### DATA RECORDS

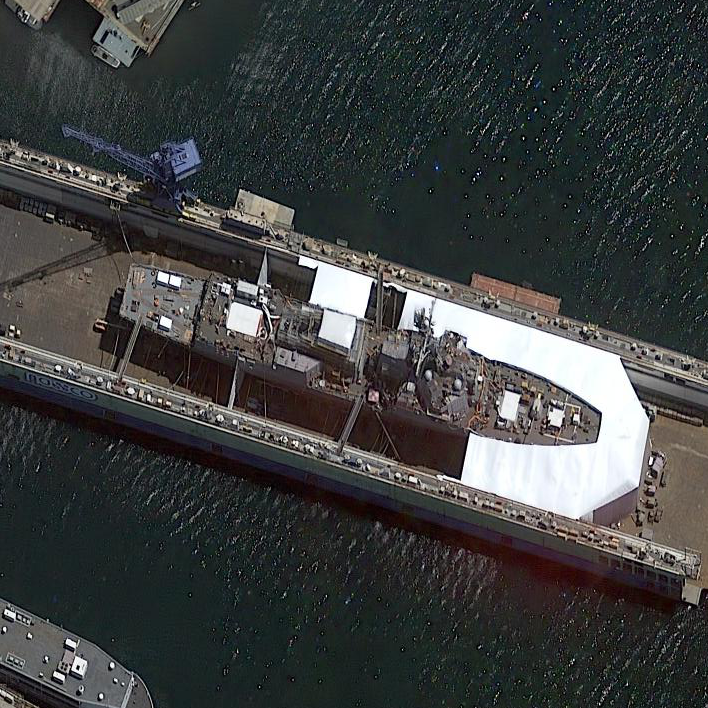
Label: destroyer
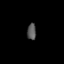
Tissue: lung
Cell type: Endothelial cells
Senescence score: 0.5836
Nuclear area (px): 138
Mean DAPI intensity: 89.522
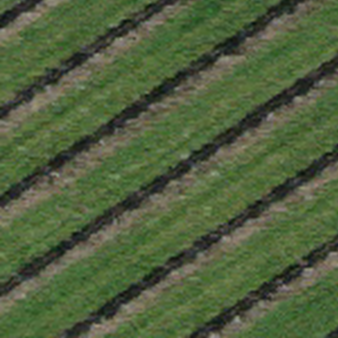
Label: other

---

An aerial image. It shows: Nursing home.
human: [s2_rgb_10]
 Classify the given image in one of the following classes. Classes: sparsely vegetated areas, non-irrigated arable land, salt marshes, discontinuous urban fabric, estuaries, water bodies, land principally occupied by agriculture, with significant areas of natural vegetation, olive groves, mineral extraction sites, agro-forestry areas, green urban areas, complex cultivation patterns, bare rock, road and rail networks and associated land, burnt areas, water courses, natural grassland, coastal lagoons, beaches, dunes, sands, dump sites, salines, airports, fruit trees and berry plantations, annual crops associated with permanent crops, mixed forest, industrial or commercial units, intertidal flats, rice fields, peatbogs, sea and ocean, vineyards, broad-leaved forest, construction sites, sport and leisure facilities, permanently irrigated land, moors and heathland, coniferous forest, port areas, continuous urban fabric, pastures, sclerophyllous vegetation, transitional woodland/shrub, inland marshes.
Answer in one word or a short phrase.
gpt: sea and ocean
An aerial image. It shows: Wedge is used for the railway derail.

### WHAT THE EXERCISE ASKS
If the word "aerial" is on a line above, return that line.

### RESPONSE FOR THIS EXERCISE
An aerial image. It shows: Nursing home.
An aerial image. It shows: Wedge is used for the railway derail.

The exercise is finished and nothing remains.